Belki biz, şu an bu satırları okurken bir kız kardeşimiz alçak bir Çinli tarafından tecavüze uğruyor. Bir diğer kardeşimizi cami minaresinden aşağıya atıyorlar. Bakın yaşlı bir amcanın sakalı çekiliyor, küçük bir kız çocuğu sokak ortasında sürüklenerek götürülüyor. Bitmedi bir de şu köşeye bakın. Bakın tam şurada saçları usturaya vurulmuş bir delikanlı, sırf Türk olduğu için kurşuna diziliyor. Durun gitmeyin, yüreğiniz kaldırabilecekse bir de şuraya bakın. İçinde insanların olduğu evler, kahkahalarla bakın nasıl da ateşe veriliyor. Gerçi bu dünya kupası kadar dikkat çekmeyecek ama yine de söyleyelim. Burnumuzun dibinde, hemen şuracıkta, bir ulus, iğrenç toplama kamplarında, her gün acı çeke çeke can veriyor.
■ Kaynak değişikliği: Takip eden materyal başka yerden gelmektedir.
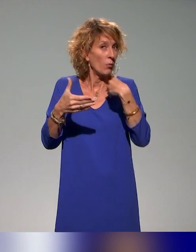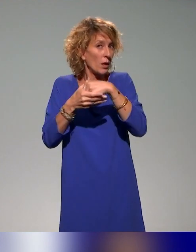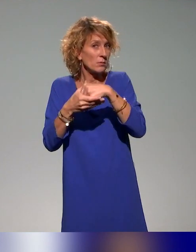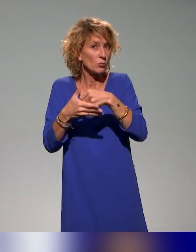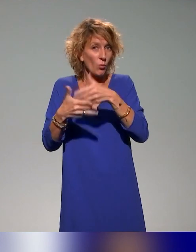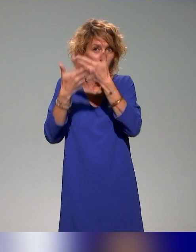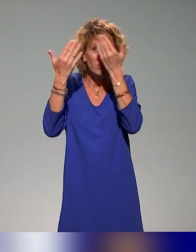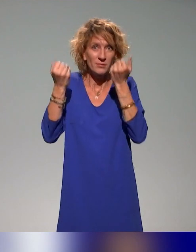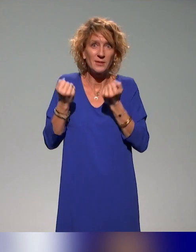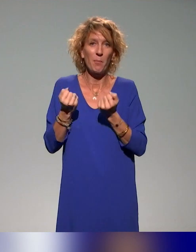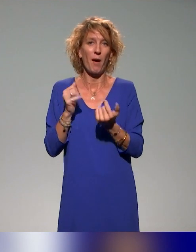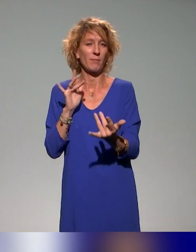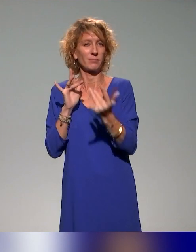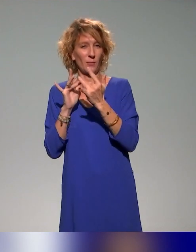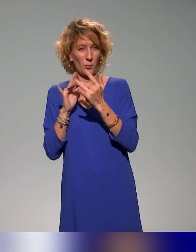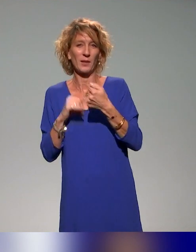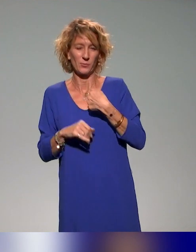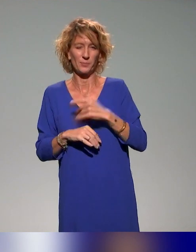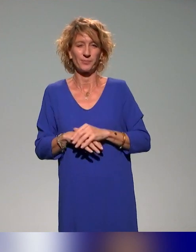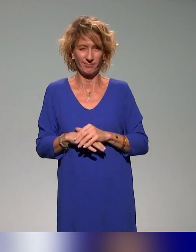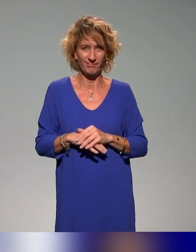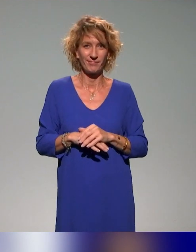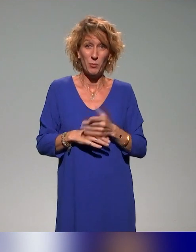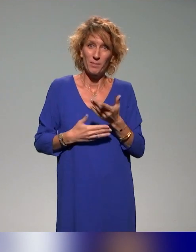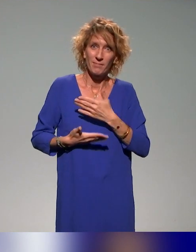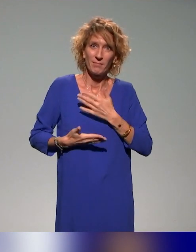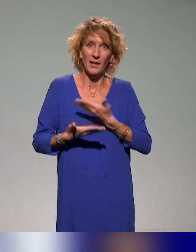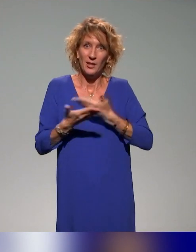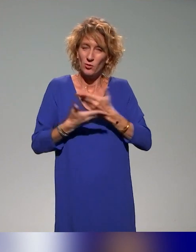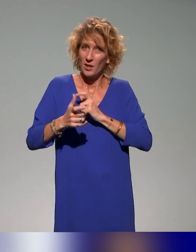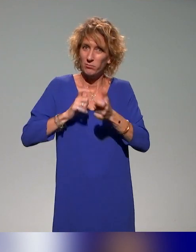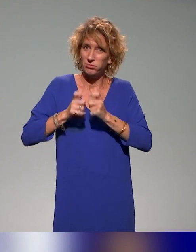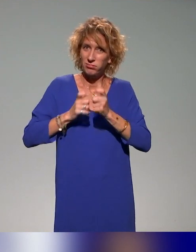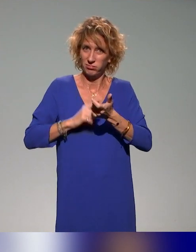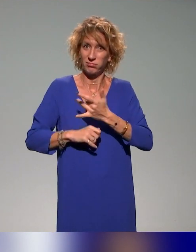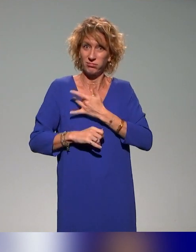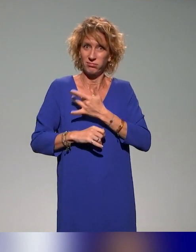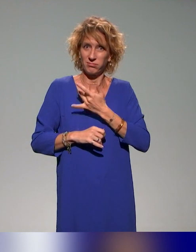on est toujours très intéressés de pouvoir échanger, interagir et contribuer à ces questions-là.

Vicdanlarımızı rahatlatmak için isterseniz gözlerimizi kapatalım, kulaklarımızı da tıkayalım. Hatta cami çıkışında Doğu Türkistan için yardım kutusuna beş lira atalım. Belki kahrolsun Çin diye de bağırırız, iyi olmaz mı? Hatta sosyal medyada bir resim bile paylaşırız ellerimizdeki Türkistan bayraklarıyla. Sonra… Sonra mı? Gömeriz kafalarımızı, kalbimizi katılaştıran dünyalıklarımıza ve hayatın tadını çıkarırız. 

Doğu Türkistan için artık sözün bir anlamı kalmadı. Ölen çocuklar için, yalvaran anneler için, gözyaşı döken minicik kızlarımız için bir şeyler yapılmalı. Bir buçuk milyar Müslüman, iki yüz milyon Türk, bir şeyler yapmalı. Yoksa mazlumların akıttığı bu gözyaşları, Nuh tufanından daha yıkıcı olacak. Ve tüm bu duyarsızlıklarımızdan sonra bizi kurtaracak bir gemide olmayacak.